– Ваше, с позволения сказать, внутреннее расследование я прекращаю и начинаю собственное. Проводите меня в ваш кабинет и прикажите препроводить туда рядовую Дитц. Ради вашего же блага надеюсь, что с ней все в порядке. Да, и этого… как там его?.. Паркера, да?.. захватите тоже. Рурк, Дюпре, за мной.
Всего этого Лана не видела и не слышала. Разумеется, эффектное прибытие генерала Саиди она не пропустила – не мудрено, при таком-то звуковом сопровождении! Однако кто именно прилетел, она не знала, да и не стремилась.
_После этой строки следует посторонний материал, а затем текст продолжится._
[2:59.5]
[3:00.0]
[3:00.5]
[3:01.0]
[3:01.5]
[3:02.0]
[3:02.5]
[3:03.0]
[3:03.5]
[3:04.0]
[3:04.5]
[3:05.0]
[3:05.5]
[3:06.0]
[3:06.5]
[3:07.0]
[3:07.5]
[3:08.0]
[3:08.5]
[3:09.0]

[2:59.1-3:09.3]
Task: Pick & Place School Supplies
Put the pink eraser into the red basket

В данный момент у неё были проблемы посерьезнее.
Вода сочилась из крана над проржавевшей раковиной тоненькой струйкой, и не было никакой возможности увеличить напор. Более того, снять повязки и промыть горящие огнем запястья она тоже не могла: мешали наручники, которые защёлкнули поверх повязок по окончании допроса, да так и не сняли. Нарочно, разумеется. Ни о какой забывчивости речь не шла.
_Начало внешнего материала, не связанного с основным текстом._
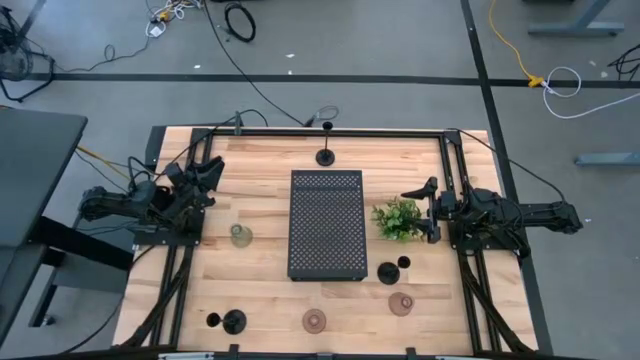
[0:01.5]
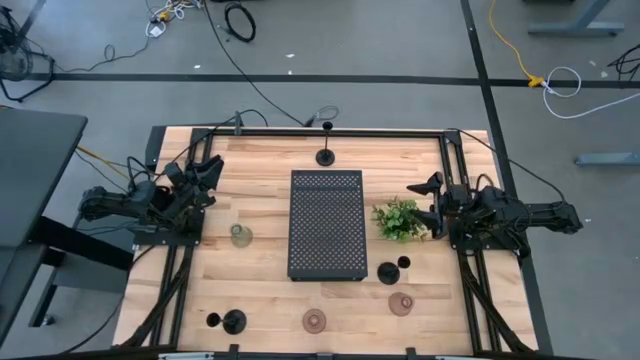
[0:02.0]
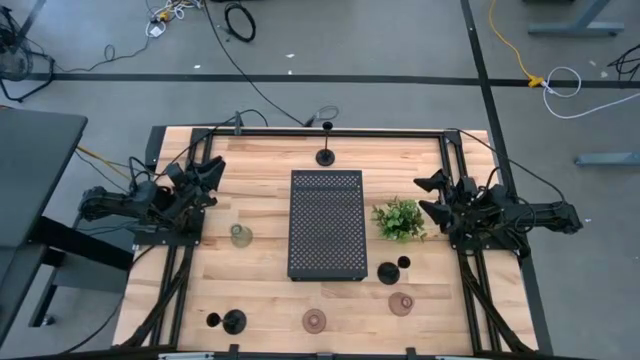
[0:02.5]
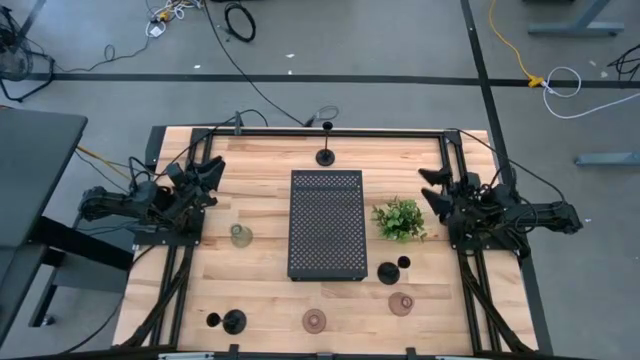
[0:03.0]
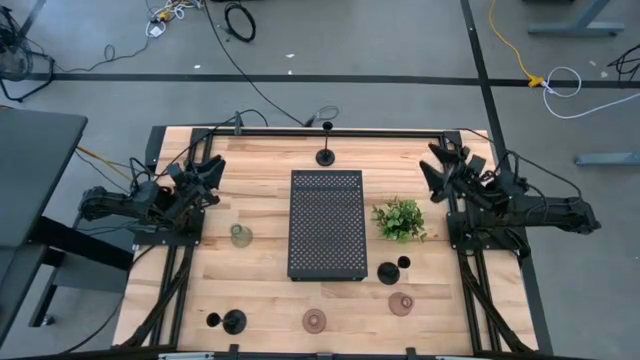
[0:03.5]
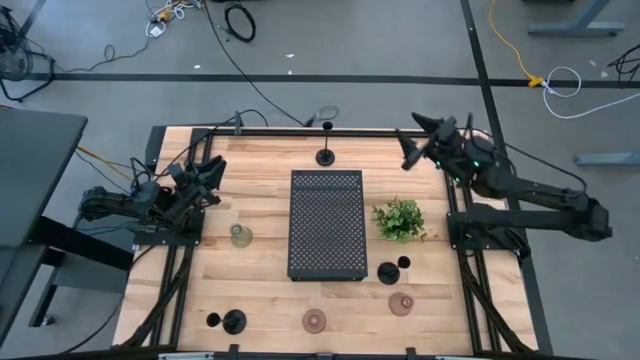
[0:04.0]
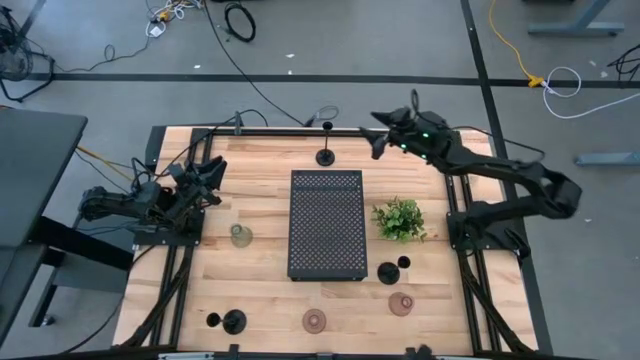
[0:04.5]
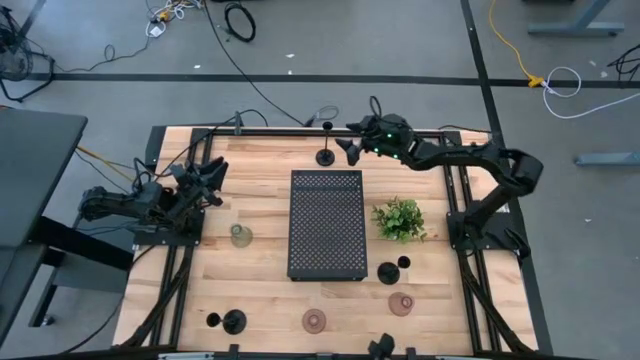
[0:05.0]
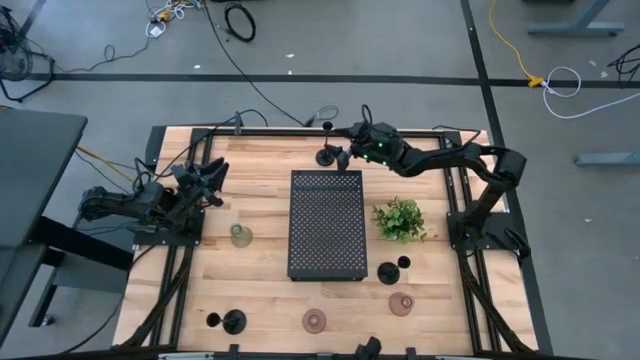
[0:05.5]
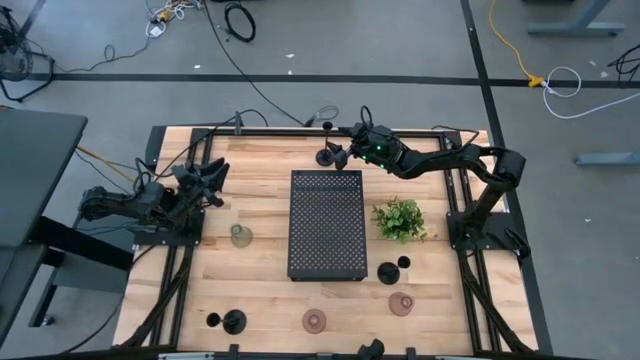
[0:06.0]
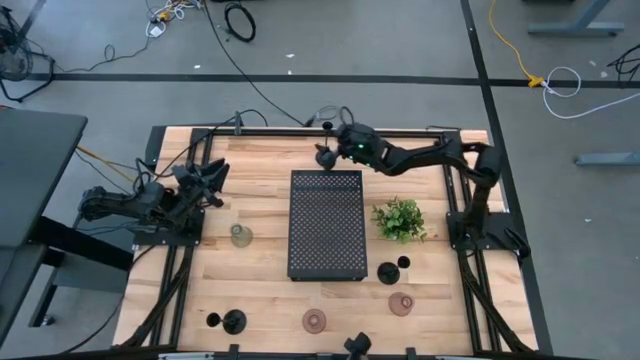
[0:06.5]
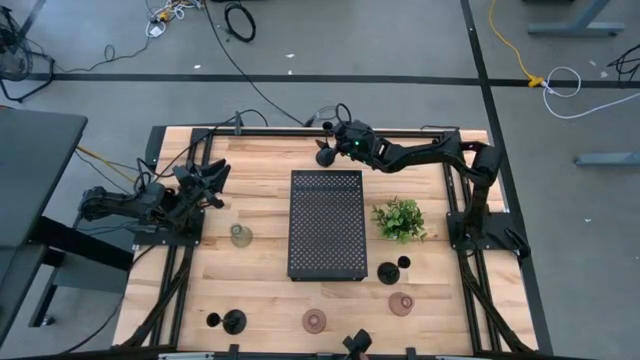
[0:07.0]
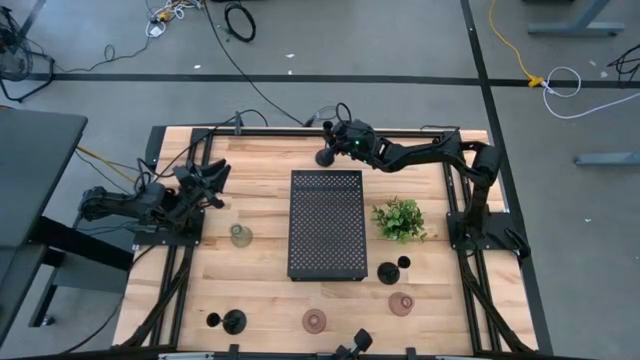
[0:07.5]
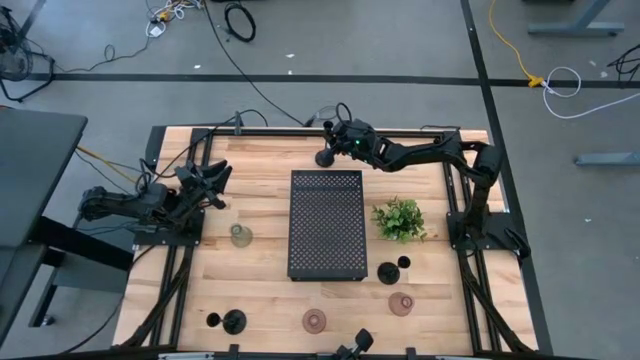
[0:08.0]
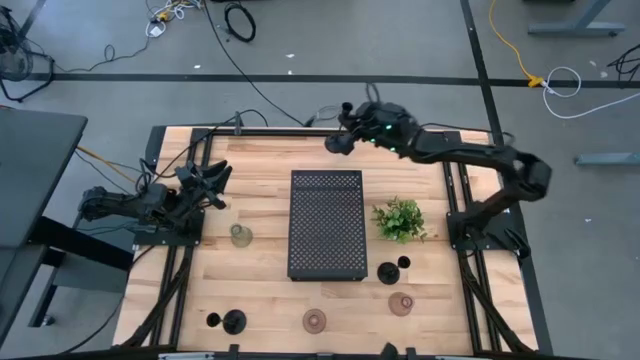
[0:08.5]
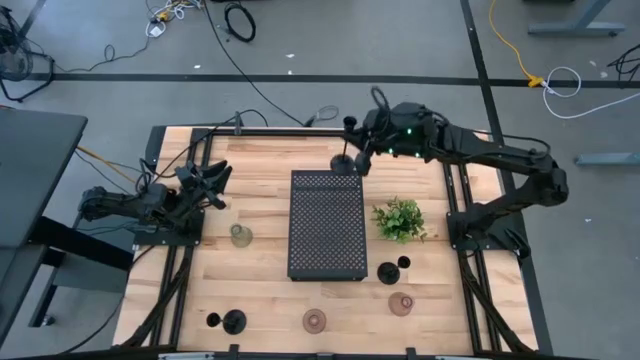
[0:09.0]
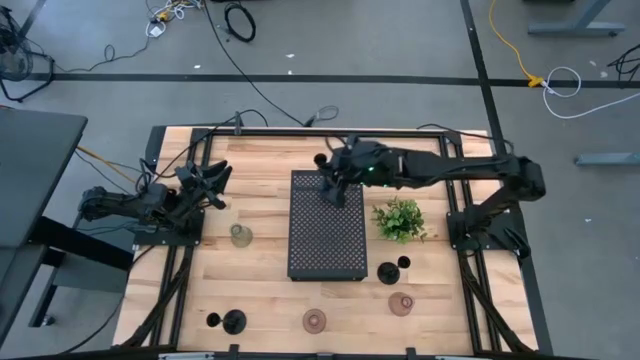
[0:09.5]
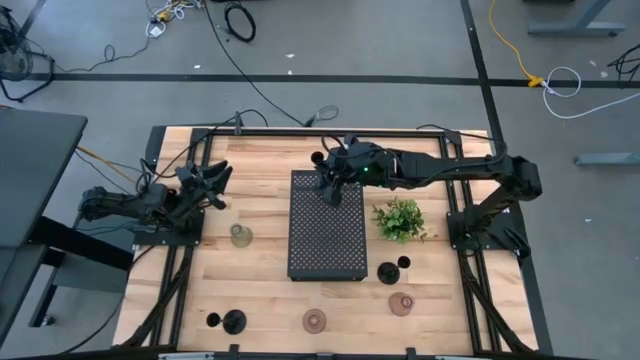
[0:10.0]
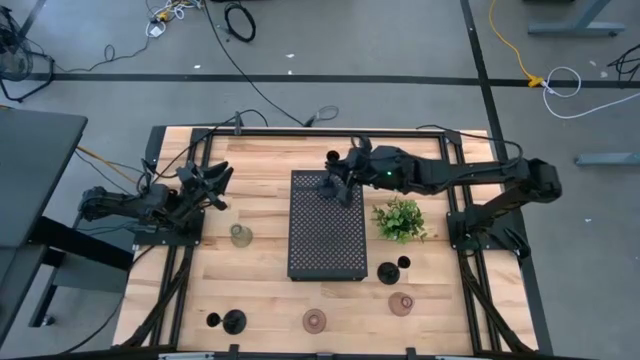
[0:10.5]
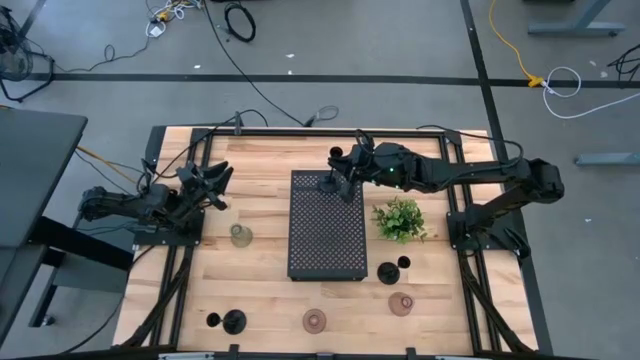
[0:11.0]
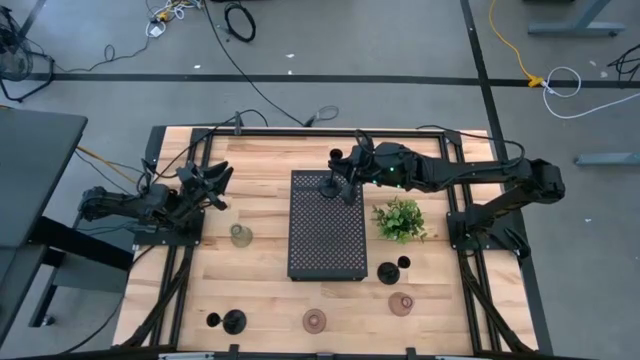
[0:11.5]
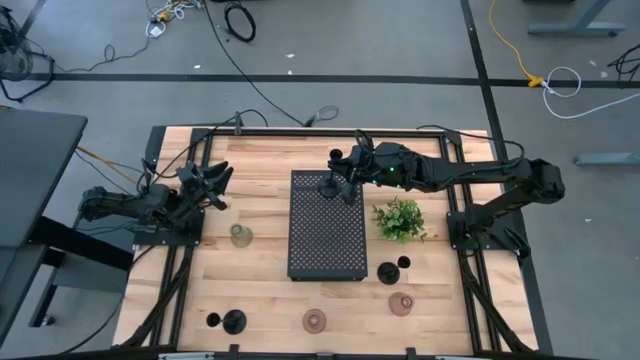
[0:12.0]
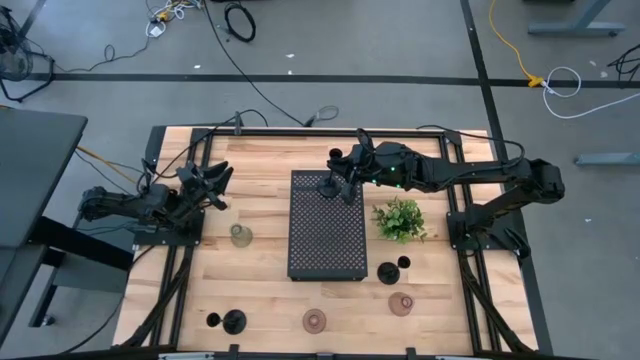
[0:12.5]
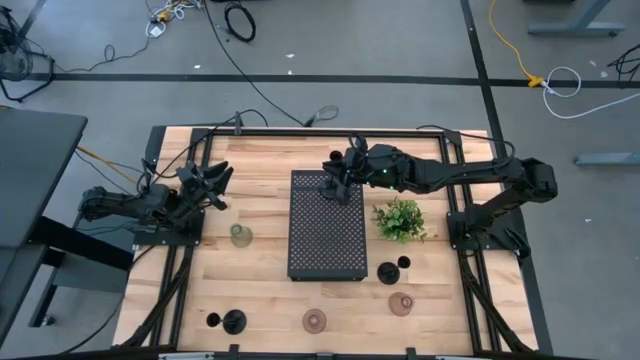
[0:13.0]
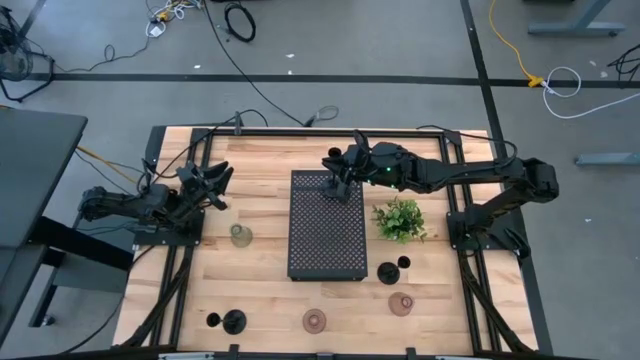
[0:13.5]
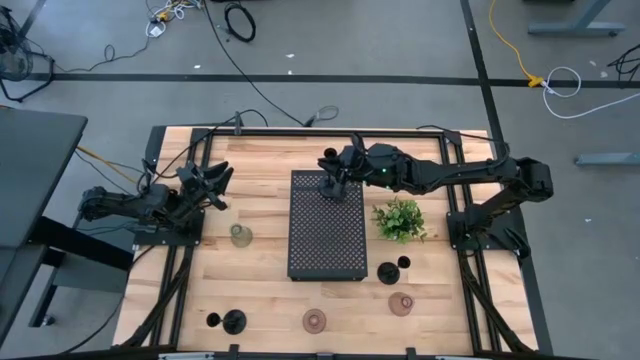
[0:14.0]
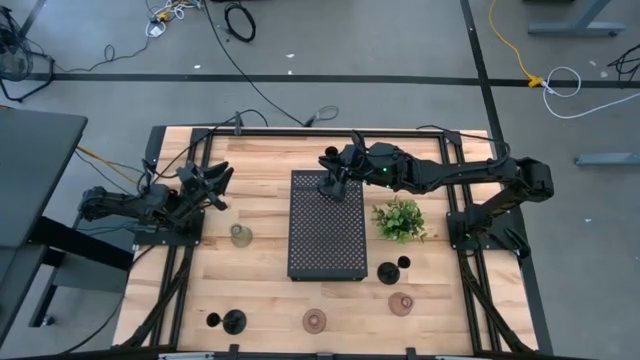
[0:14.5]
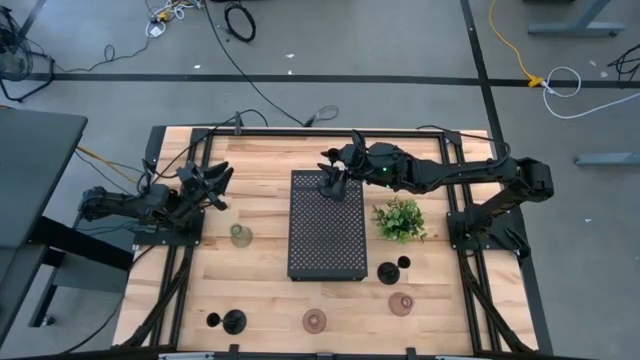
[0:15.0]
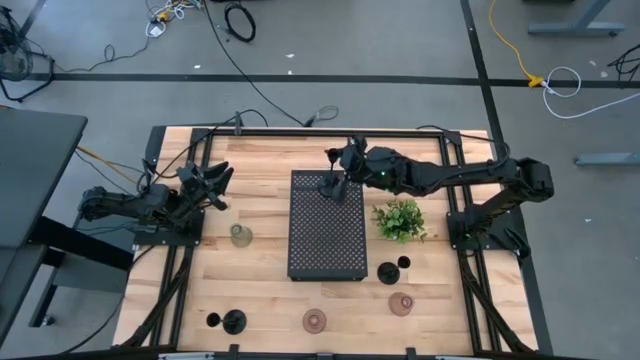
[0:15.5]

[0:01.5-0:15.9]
Task: Pick & Place candle stick holders
Put the top black candle holder on the shelf

Всё-таки, быть мриной скорее хорошо, чем плохо: руки оставались за спиной ровно до тех пор, пока не стихли в коридоре шаги конвоира. Но наручники никуда не делись. Грызущая боль под повязками отдавалась в висках и суставах, пыталась скрутить позвоночник в спираль, сводила с ума. Холодная вода смягчала её, но недостаточно. Слишком мало было воды. Немного ослабить раздражение и сухость в глазах хватило – но и только.
В отдалении хлопнула дверь. Торопливые, заполошные шаги двух пар ног стремительно приближались. Пришлось прекратить водные процедуры: у Ланы имелись веские основания опасаться, что если её застанут с руками спереди, ей не поздоровится. Рёбра мучительно ныли – доломать их Паркер, пожалуй, не доломал, но заниматься акробатикой, да ещё и со скованными руками, было, мягко говоря, не слишком приятно.
Дверь камеры распахнулась:
– Дитц! На выход! – пролаял один из двоих (ого, на одного, стало быть, надежды мало?!) конвоиров. Поза его говорила о некоторой неуверенности, даже смущении. Второй вообще смотрел в пол.
Да что тут происходит? Её что, решили расстрелять безо всякого трибунала? Ноги стали непослушными, в ушах оглушительно забухала кровь, но девушка упрямо вскинула подбородок. Никто не увидит её страха. Никто.
Стараясь не шевелить руками, Лана вышла в коридор, и вдруг запнулась на полушаге. Навстречу ей двое незнакомых (кажется, они были на острове… или нет?) громил в десантной форме волокли поскуливающего интенданта. Интендант обильно потел, спотыкался, а цветом лица вообще прекрасно гармонировал с серыми стенами коридора.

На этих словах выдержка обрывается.